Our study is among the first to prospectively examine the associations between bacterial translocation and risk of liver cancer, with the largest sample size and most comprehensive coverage of biomarkers to date. Other strengths of our study include the long follow-up period (up to 29 years), availability of baseline fasting serum samples, detailed information on potential confounders including HCV infection, and use of ICD-O morphology codes to identify HCC cases. There are also several limitations. For example, there was only a single determination of biomarkers at baseline, and the temporal reliability of these biomarkers is not well established. A previous study demonstrated that the LBP had moderate test–retest reliability up to a 9-month period; however, it may be more desirable to include multiple measurements rather than a single measurement in future studies (36). In addition, there was no clinical determination of underlying fibrosis or cirrhosis at baseline. Our study population was confined to males and smokers; thus, extrapolation to other populations should be done with caution.

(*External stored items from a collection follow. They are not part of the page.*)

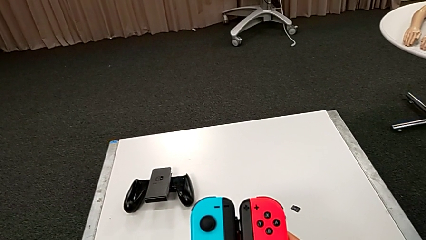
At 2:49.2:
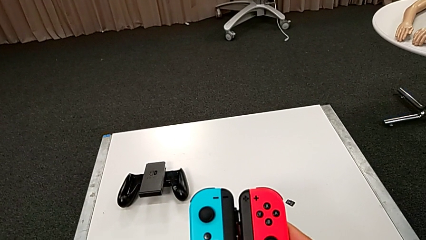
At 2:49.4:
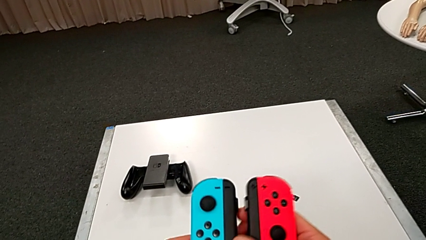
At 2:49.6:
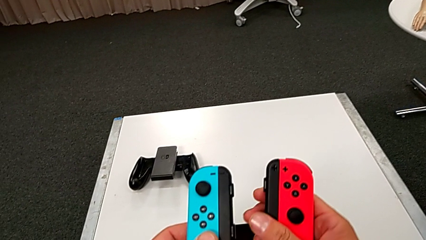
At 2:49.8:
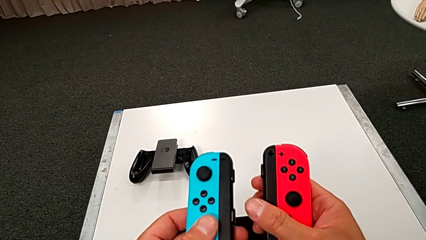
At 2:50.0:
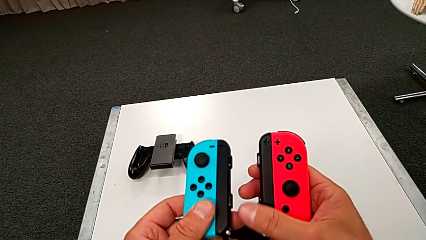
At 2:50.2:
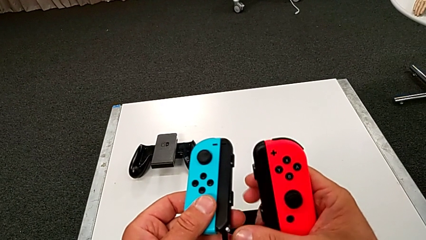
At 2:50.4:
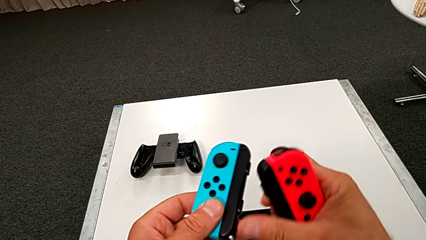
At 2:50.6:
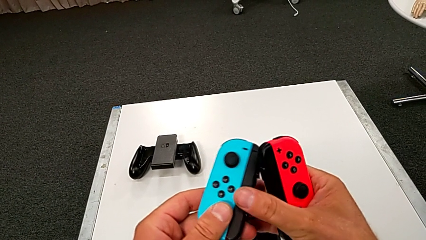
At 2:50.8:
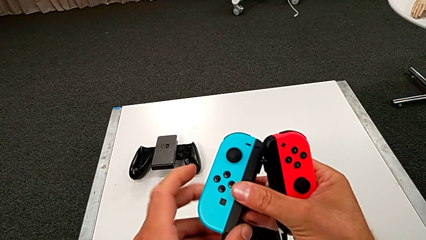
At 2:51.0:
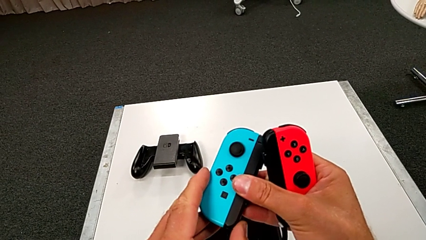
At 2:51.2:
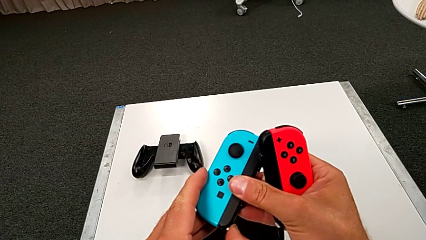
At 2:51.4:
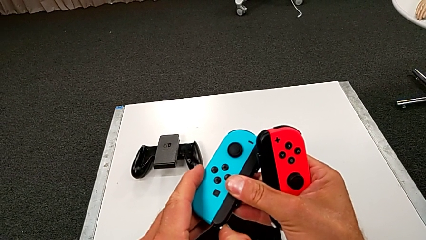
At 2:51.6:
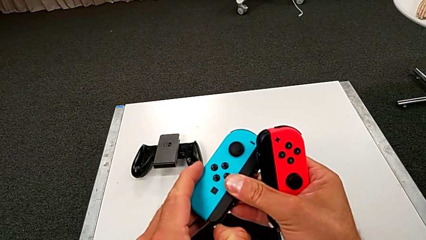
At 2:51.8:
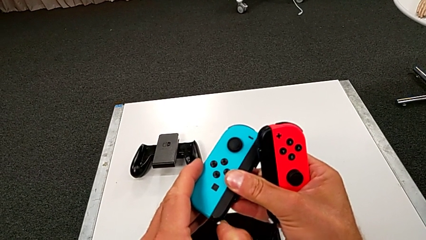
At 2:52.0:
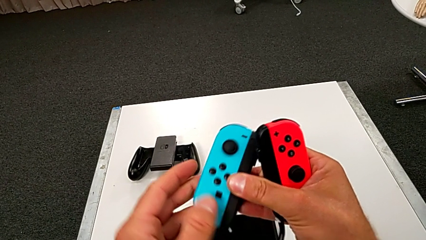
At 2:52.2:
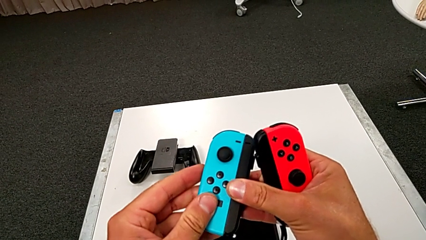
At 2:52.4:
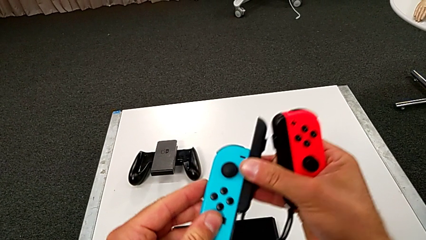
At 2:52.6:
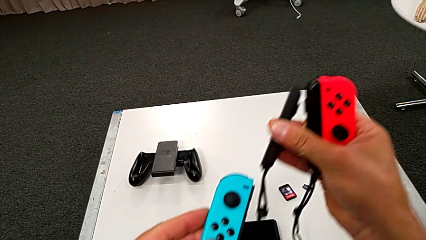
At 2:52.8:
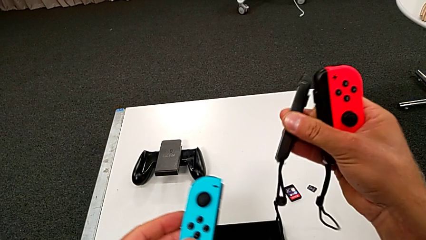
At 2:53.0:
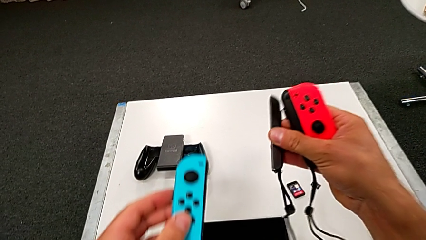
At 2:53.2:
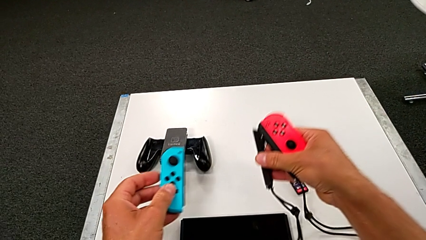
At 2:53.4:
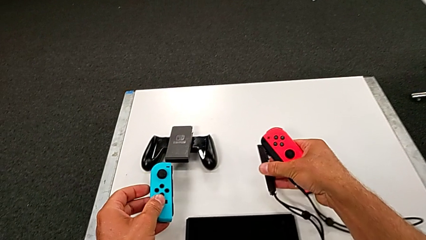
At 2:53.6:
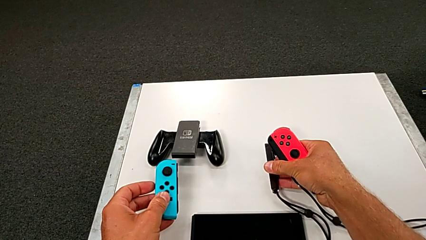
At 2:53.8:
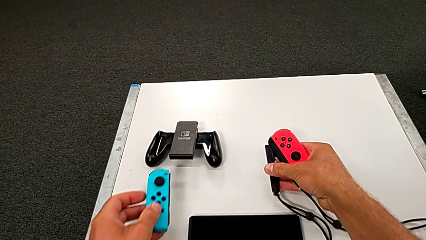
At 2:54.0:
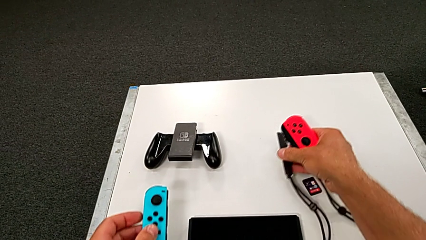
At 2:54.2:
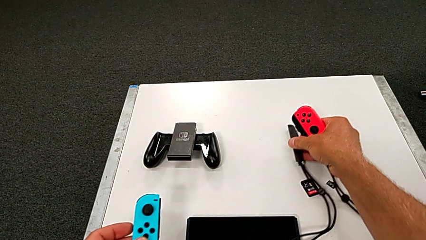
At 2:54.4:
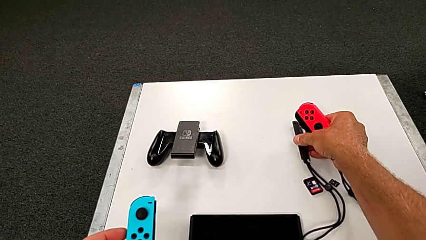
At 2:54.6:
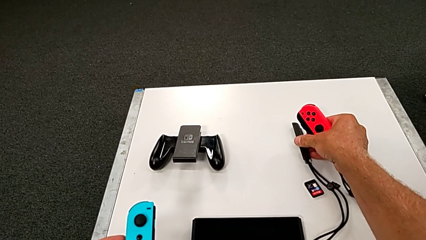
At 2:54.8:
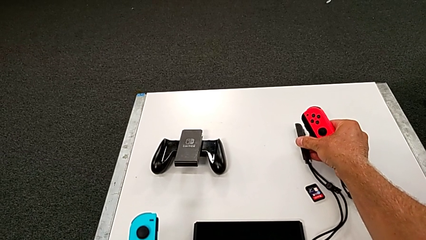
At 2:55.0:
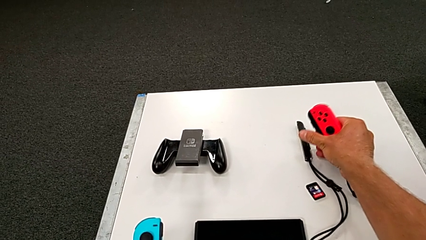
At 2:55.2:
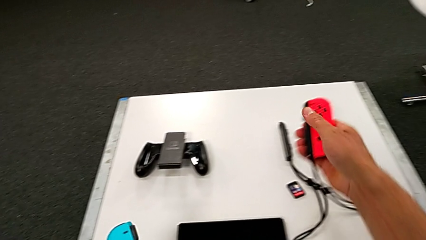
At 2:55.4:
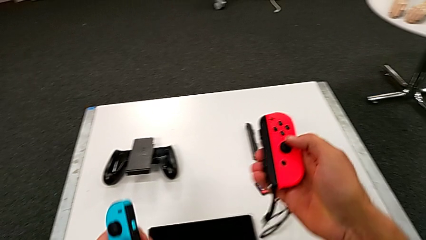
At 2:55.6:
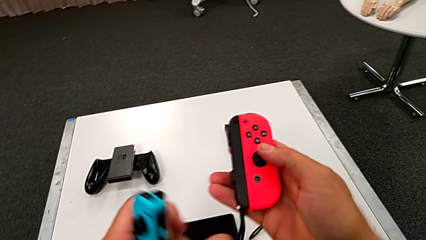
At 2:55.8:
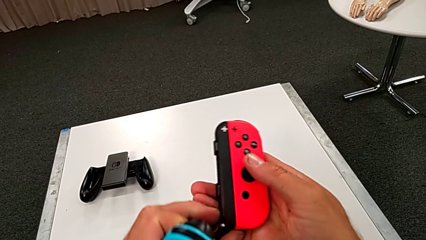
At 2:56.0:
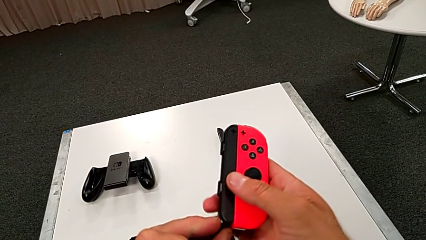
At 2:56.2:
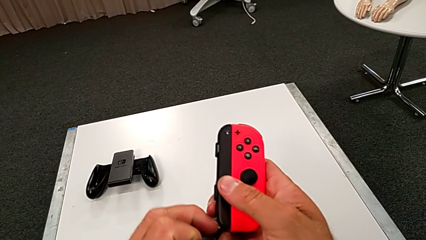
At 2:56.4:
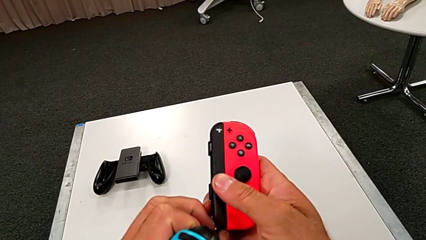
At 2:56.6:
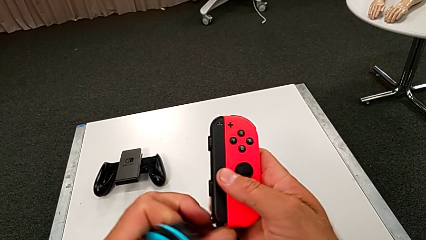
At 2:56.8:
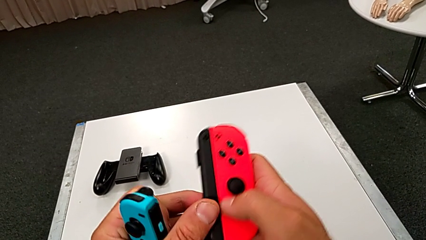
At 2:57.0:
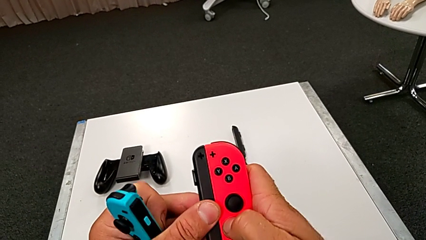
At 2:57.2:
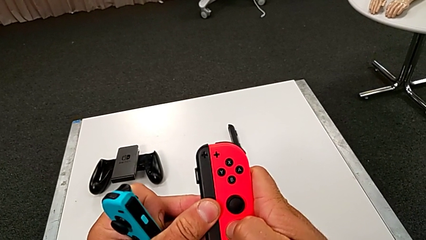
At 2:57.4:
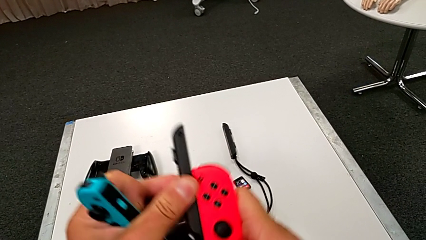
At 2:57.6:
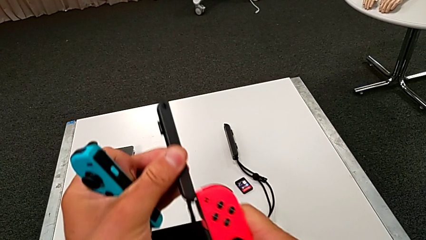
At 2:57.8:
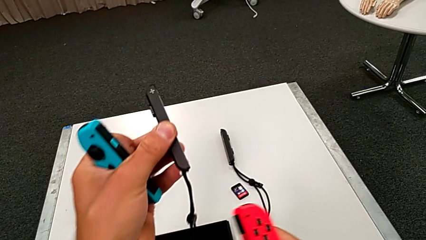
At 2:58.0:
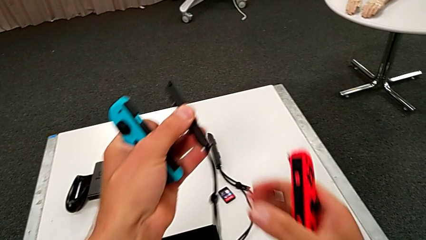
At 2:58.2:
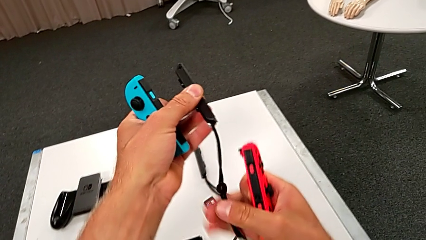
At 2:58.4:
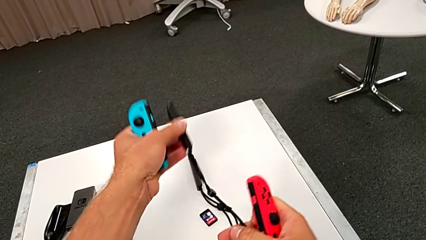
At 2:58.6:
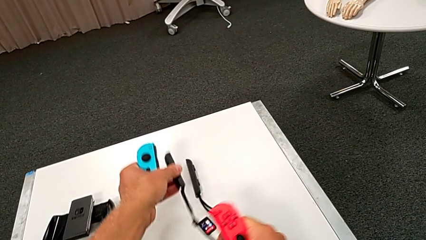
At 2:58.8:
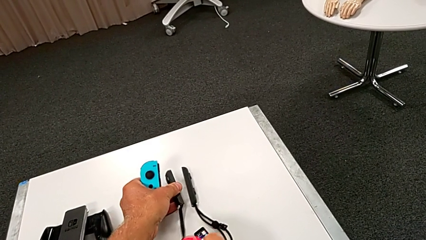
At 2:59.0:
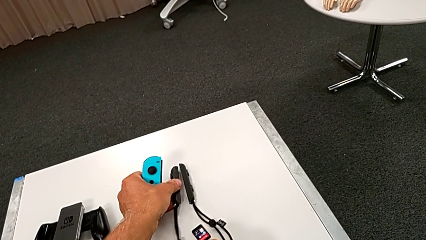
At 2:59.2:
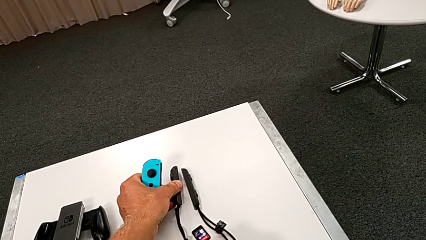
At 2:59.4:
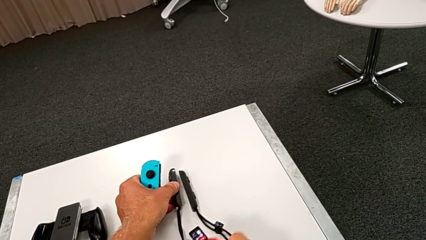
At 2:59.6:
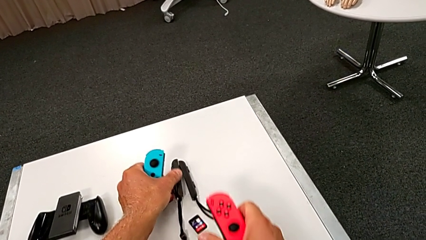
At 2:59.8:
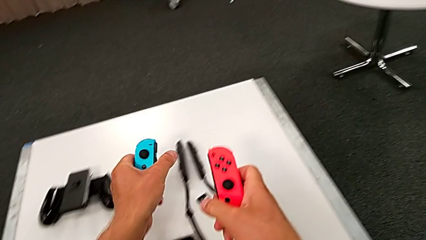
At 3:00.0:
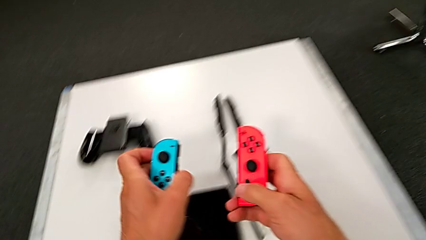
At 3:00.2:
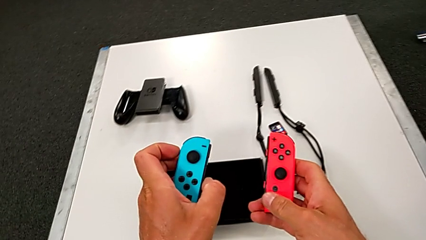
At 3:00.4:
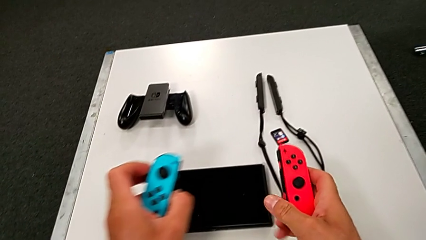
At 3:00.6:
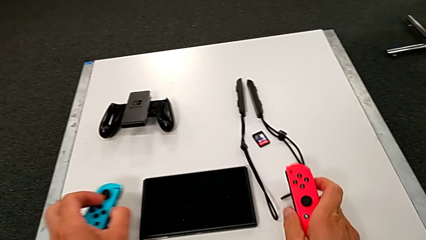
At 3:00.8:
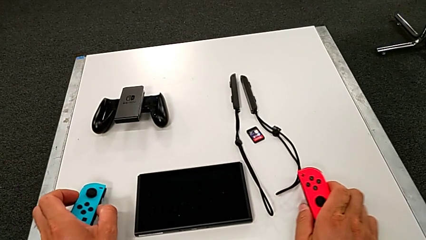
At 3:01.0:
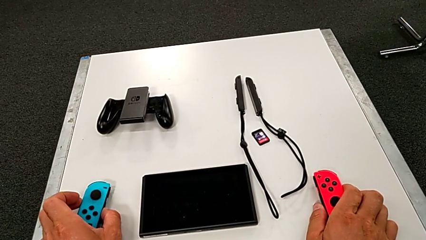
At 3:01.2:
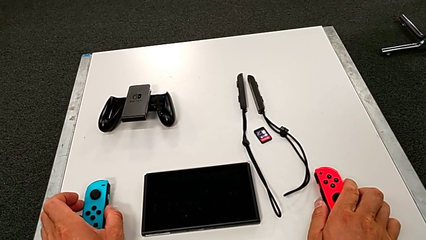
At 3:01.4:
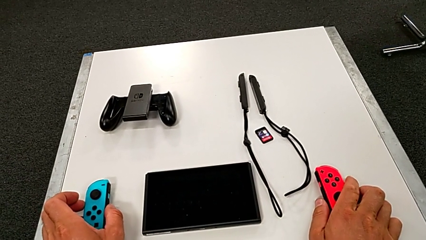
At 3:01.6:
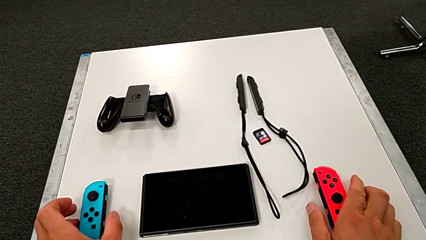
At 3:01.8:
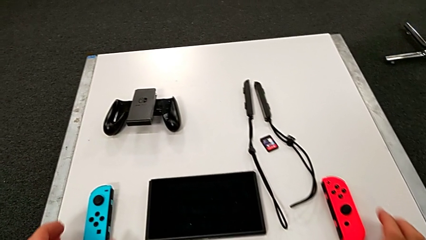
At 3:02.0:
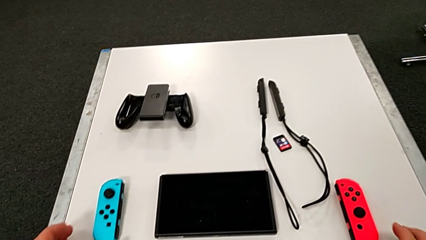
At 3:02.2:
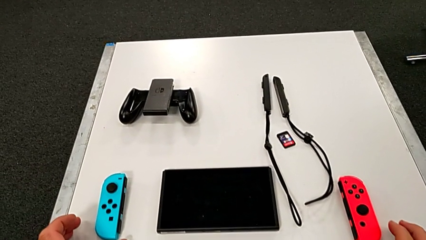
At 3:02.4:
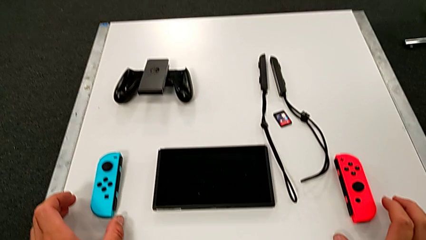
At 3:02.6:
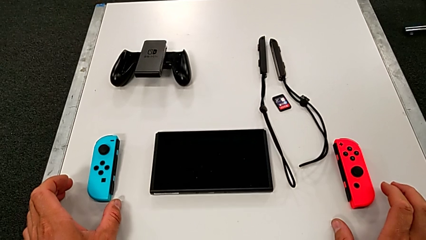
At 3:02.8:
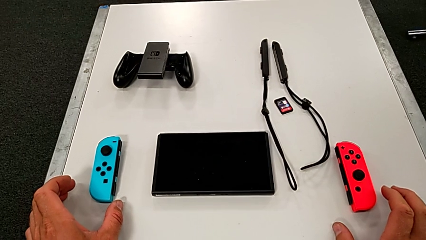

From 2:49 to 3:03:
The camera wearer disassembles the blue and red controllers from the joy straps. They unlock the white Joy-Con strap lock, disassemble the blue Joy-Con controller, unlock the white Joy-Con strap lock, disassemble the red Joy-Con controller and drop both Joy-Con controllers.

In conclusion, our study indicates that biomarkers of bacterial translocation, specifically IgA against flagellin and LPS, may be associated with risk of primary liver cancer. Currently, there are limited data on biomarkers of liver cancer risk. Thus, our findings, if replicated in future studies, could better clarify the role of the gut–liver axis, specifically gut-derived bacterial products, in liver cancer etiology, and may provide important insights to improve the prevention and risk prediction of liver cancer.

No potential conflicts of interest were disclosed.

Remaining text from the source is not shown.